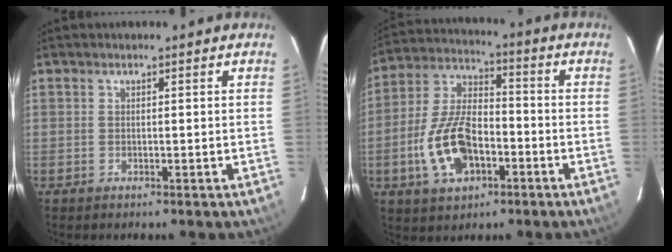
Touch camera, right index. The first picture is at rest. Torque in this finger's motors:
{"motor_torque": [1.24, -0.90, 0.34, 0.09]}
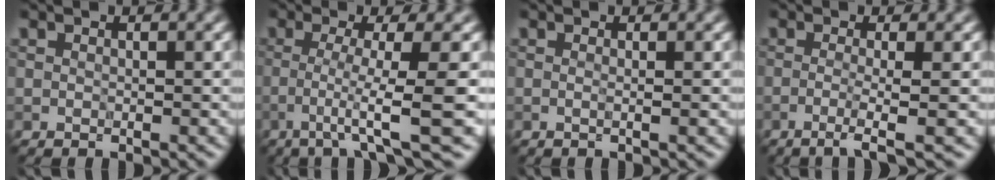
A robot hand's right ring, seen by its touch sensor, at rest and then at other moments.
{"total": 6.0, "force": [-1.9, 0.3, 5.7], "torque": [-0.089, 0.000, -0.040]}
{"total": 1.2, "force": [0.2, 0.5, 1.0], "torque": [-0.002, -0.005, -0.012]}
{"total": 3.2, "force": [-1.2, 0.5, 2.9], "torque": [-0.044, 0.000, -0.033]}
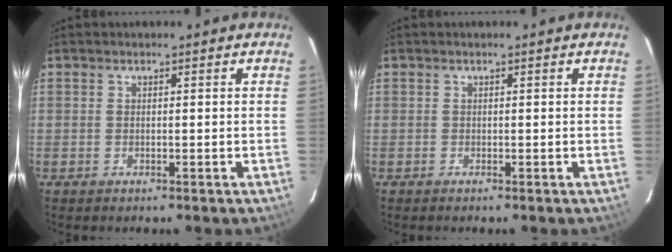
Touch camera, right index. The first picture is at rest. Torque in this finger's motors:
{"motor_torque": [0.06, 0.02, 0.04, 0.01]}
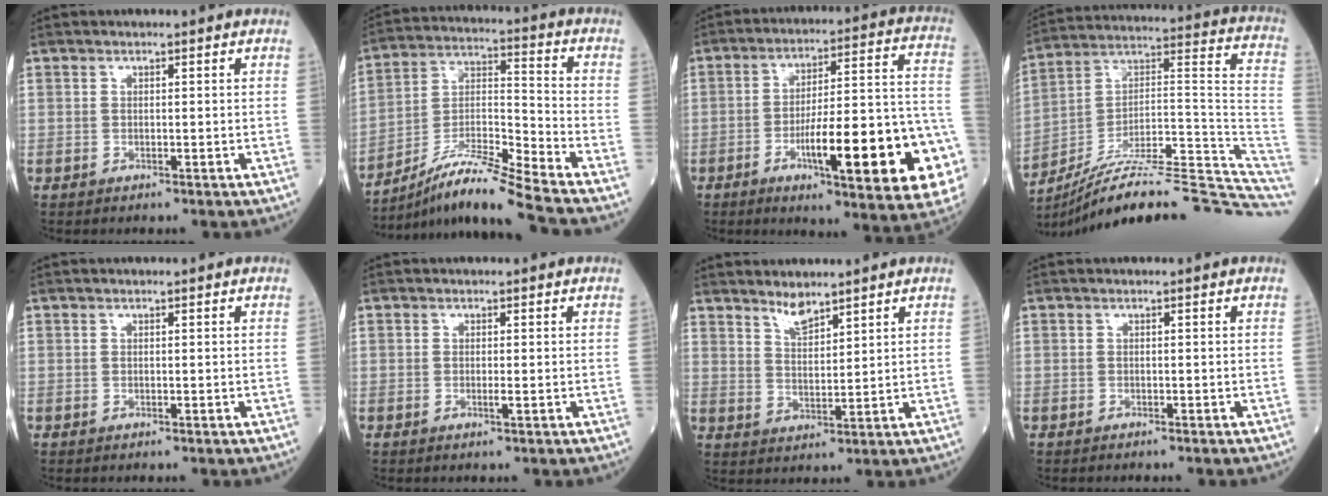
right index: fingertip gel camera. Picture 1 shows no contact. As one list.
[{"total": 17.9, "force": [-15.3, -2.2, 9.0], "torque": [-0.166, 0.012, -0.277]}, {"total": 22.2, "force": [-7.5, 2.6, 20.7], "torque": [-0.233, 0.007, -0.101]}, {"total": 24.2, "force": [-21.1, 2.2, 11.6], "torque": [-0.107, 0.045, -0.321]}, {"total": 0.0}, {"total": 0.8, "force": [-0.3, 0.0, 0.8], "torque": [-0.018, -0.001, -0.005]}, {"total": 3.7, "force": [3.3, 0.7, 1.5], "torque": [-0.029, -0.006, 0.065]}, {"total": 0.8, "force": [-0.8, 0.0, 0.1], "torque": [-0.002, 0.000, -0.014]}]
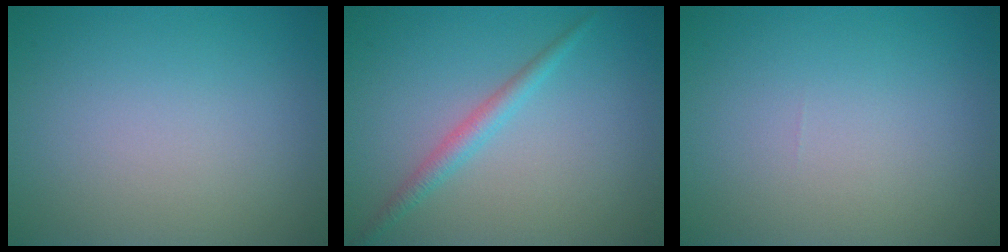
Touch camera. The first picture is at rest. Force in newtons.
{"total": 1.9, "press": 1.9, "slide": 0.1}
{"total": 0.0}
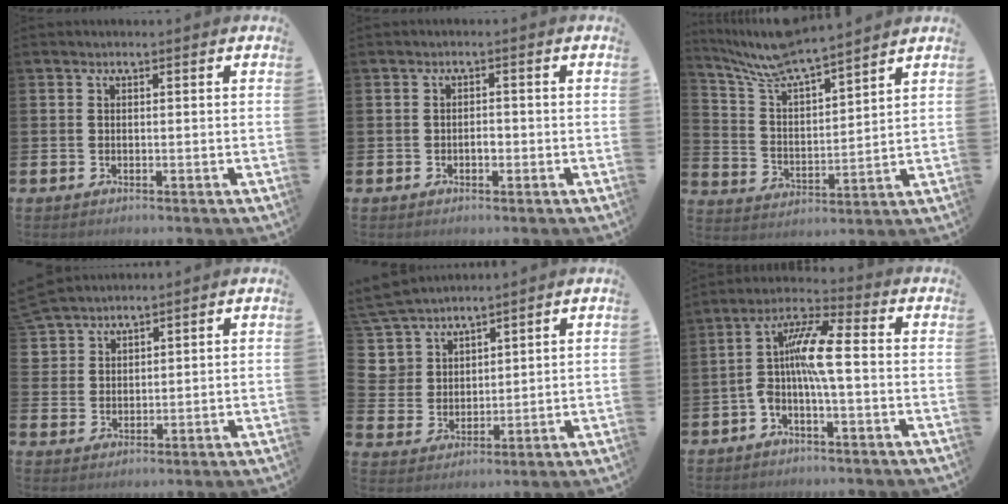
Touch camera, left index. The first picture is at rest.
{"total": 1.4, "force": [-0.5, 0.8, 1.0], "torque": [-0.010, -0.001, -0.011]}
{"total": 7.8, "force": [7.5, 0.4, 2.3], "torque": [-0.071, -0.051, 0.132]}
{"total": 4.5, "force": [4.3, 1.1, -0.1], "torque": [-0.012, -0.019, 0.082]}
{"total": 6.6, "force": [5.9, 3.1, 0.2], "torque": [-0.047, -0.027, 0.111]}
{"total": 7.4, "force": [-0.7, 1.4, 7.2], "torque": [-0.159, -0.015, -0.026]}
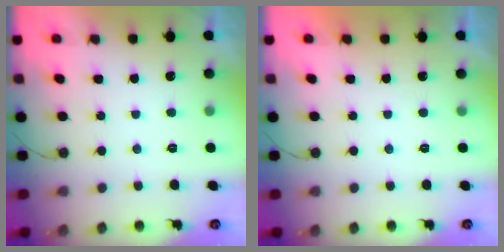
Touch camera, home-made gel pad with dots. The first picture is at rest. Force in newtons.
{"total": 1.6, "press": 1.6, "slide": 0.1}
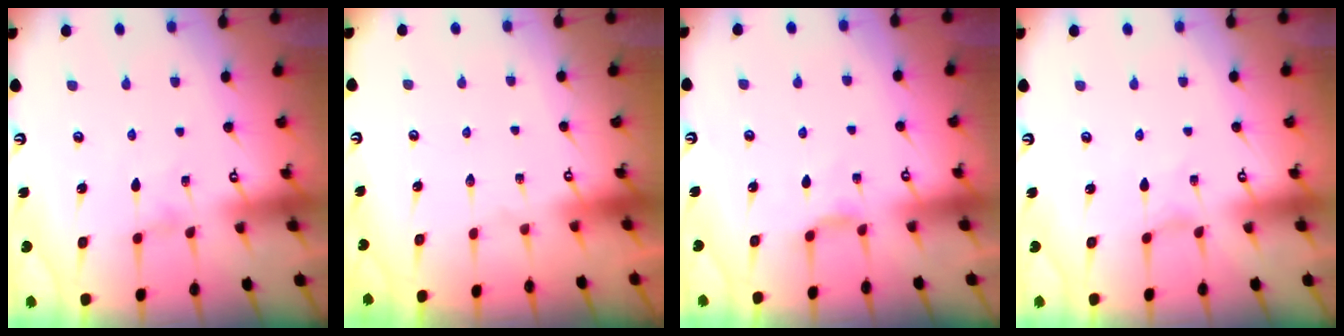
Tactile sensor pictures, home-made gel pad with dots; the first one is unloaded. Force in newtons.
{"total": 0.0}
{"total": 3.4, "press": 3.3, "slide": 0.5}
{"total": 0.0}
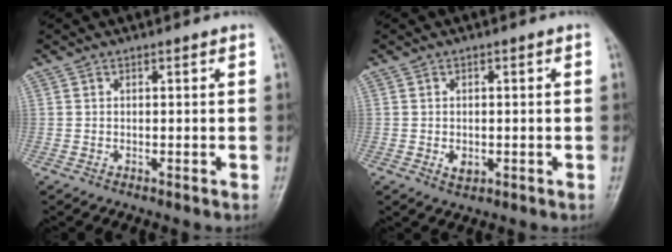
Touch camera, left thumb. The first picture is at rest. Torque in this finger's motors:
{"motor_torque": [-0.02, 0.02, 0.11, 0.00, 0.00]}
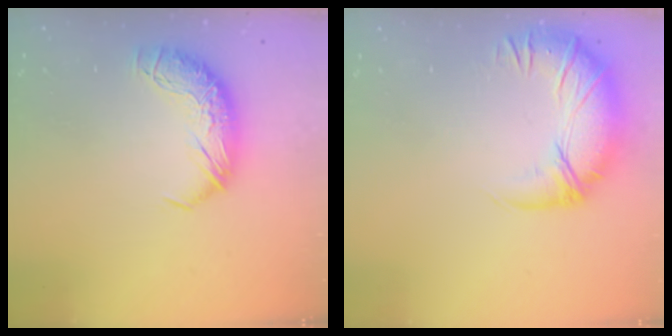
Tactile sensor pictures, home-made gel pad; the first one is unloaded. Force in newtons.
{"total": 2.8, "press": 1.3, "slide": 2.5}
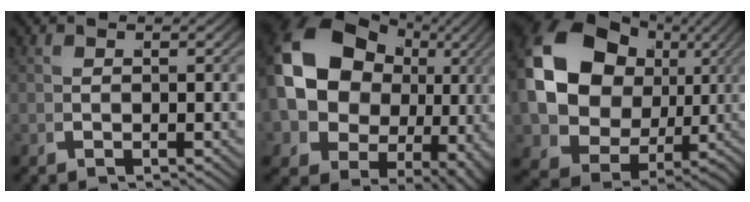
+--
_TASK OBJECTIVE_
The answer must be an exact copy of the lines from the one containing "right index: fingertip" through the last line of the records, and nothing else. Pictures do not belong in it.

_EXERCISE RESULT_
right index: fingertip gel camera. Picture 1 shows no contact. As one list.
[{"total": 17.9, "force": [-15.3, -2.2, 9.0], "torque": [-0.166, 0.012, -0.277]}, {"total": 22.2, "force": [-7.5, 2.6, 20.7], "torque": [-0.233, 0.007, -0.101]}, {"total": 24.2, "force": [-21.1, 2.2, 11.6], "torque": [-0.107, 0.045, -0.321]}, {"total": 0.0}, {"total": 0.8, "force": [-0.3, 0.0, 0.8], "torque": [-0.018, -0.001, -0.005]}, {"total": 3.7, "force": [3.3, 0.7, 1.5], "torque": [-0.029, -0.006, 0.065]}, {"total": 0.8, "force": [-0.8, 0.0, 0.1], "torque": [-0.002, 0.000, -0.014]}]
Touch camera. The first picture is at rest. Force in newtons.
{"total": 1.9, "press": 1.9, "slide": 0.1}
{"total": 0.0}
Touch camera, left index. The first picture is at rest.
{"total": 1.4, "force": [-0.5, 0.8, 1.0], "torque": [-0.010, -0.001, -0.011]}
{"total": 7.8, "force": [7.5, 0.4, 2.3], "torque": [-0.071, -0.051, 0.132]}
{"total": 4.5, "force": [4.3, 1.1, -0.1], "torque": [-0.012, -0.019, 0.082]}
{"total": 6.6, "force": [5.9, 3.1, 0.2], "torque": [-0.047, -0.027, 0.111]}
{"total": 7.4, "force": [-0.7, 1.4, 7.2], "torque": [-0.159, -0.015, -0.026]}
Touch camera, home-made gel pad with dots. The first picture is at rest. Force in newtons.
{"total": 1.6, "press": 1.6, "slide": 0.1}
Tactile sensor pictures, home-made gel pad with dots; the first one is unloaded. Force in newtons.
{"total": 0.0}
{"total": 3.4, "press": 3.3, "slide": 0.5}
{"total": 0.0}
Touch camera, left thumb. The first picture is at rest. Torque in this finger's motors:
{"motor_torque": [-0.02, 0.02, 0.11, 0.00, 0.00]}
Tactile sensor pictures, home-made gel pad; the first one is unloaded. Force in newtons.
{"total": 2.8, "press": 1.3, "slide": 2.5}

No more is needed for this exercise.